The NeverBlock implementation comes as a very close second to the fastest client which shows that the overhead of using fibers is not that much. Actually we are cheating a bit here, because we make up for the overhead by sending the requests concurrently, and while the server is still processing the serially we are able to process the fiber pause and resume while the server is working.
Needless to say, NeverBlock is much ahead of the threaded clients (either 1.8 or 1.9) when working with the zero latency server. We also see that 1.8 threads are considerably faster than 1.9's.
When we start adding a simulated delay to the server we see that the blocking clients fall dramatically from the first position to the last. They become too slow that they are really not suitable for use in that setting any more. Please note that the results for the 500ms delay are extrapolations. I was to annoyed by the idea of waiting 500 seconds for a test to run, twice!
On the other hand, threaded and NeverBlock implementations are much less affected even though they lose ground as we increase the delay. NeverBlock maintains its lead though over threaded clients.
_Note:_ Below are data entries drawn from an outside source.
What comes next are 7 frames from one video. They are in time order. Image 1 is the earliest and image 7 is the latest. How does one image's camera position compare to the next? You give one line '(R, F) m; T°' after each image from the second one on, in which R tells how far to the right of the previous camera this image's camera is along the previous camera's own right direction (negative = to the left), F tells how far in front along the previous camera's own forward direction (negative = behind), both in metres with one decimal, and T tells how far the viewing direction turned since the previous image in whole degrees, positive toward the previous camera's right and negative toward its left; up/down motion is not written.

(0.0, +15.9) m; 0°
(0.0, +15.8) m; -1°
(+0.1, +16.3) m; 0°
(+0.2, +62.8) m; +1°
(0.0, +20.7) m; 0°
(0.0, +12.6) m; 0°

It is generally 2.5X faster.
Here is a graph of the NeverBlock advantage over the fastest threaded client
And in ASCII format
Server Delay 0ms 10ms 50ms 100ms 500ms
NeverBlock Advantage 124.76% 149.63% 174.18% 208.96% 148.43%
Aside from the NeverBlock advantage the numbers themselves are very impressive. A single process can achieve ~1000 operations per second given that we have half a second processing and network latency. In a mutli process setup we should be able to achieve a lot more than that. For example, forking another NeverBlock client on my dual core notebook which hosts the client and the server apps adds a 50% performance gain.
sweet holy awesome. 1.9 haters: start learning to enjoy attempting to drive from the back seat :D
Very interesting post, I would be very interesting in reading your clients code.
Thx.
Muhammed, thanks for sharing this blog post with us. Please write more often :-)
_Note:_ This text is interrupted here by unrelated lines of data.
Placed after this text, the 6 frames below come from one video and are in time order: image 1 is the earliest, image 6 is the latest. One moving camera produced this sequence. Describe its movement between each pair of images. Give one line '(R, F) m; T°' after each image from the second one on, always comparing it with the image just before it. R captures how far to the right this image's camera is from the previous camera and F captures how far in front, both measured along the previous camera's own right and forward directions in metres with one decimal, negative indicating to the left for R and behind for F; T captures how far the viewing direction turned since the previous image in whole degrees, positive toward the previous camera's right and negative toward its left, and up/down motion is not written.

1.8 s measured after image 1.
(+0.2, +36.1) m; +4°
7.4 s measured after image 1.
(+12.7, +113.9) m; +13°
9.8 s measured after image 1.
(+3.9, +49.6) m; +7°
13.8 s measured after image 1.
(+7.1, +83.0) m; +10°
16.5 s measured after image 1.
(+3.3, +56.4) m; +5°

One question... Are you working with the Modrails (Phusion Passenger) team?
I'm curious if is (or will be) possible to use Neverblock with Passenger.
Thanks again.
I think fibers really shine when you have "lots" of threads [or, conversely, lots of fibers]. Then it rocks and can hopefully use a single core effectively.
Thanks for your work on this!
For sure fibers are better if you need a lot of them--I wonder if a thread pool versus fiber pool would be about the same speed? I'd imagine they're probably about the same.
Nice job.
-=R
This is great stuff, but when will it be released to the public?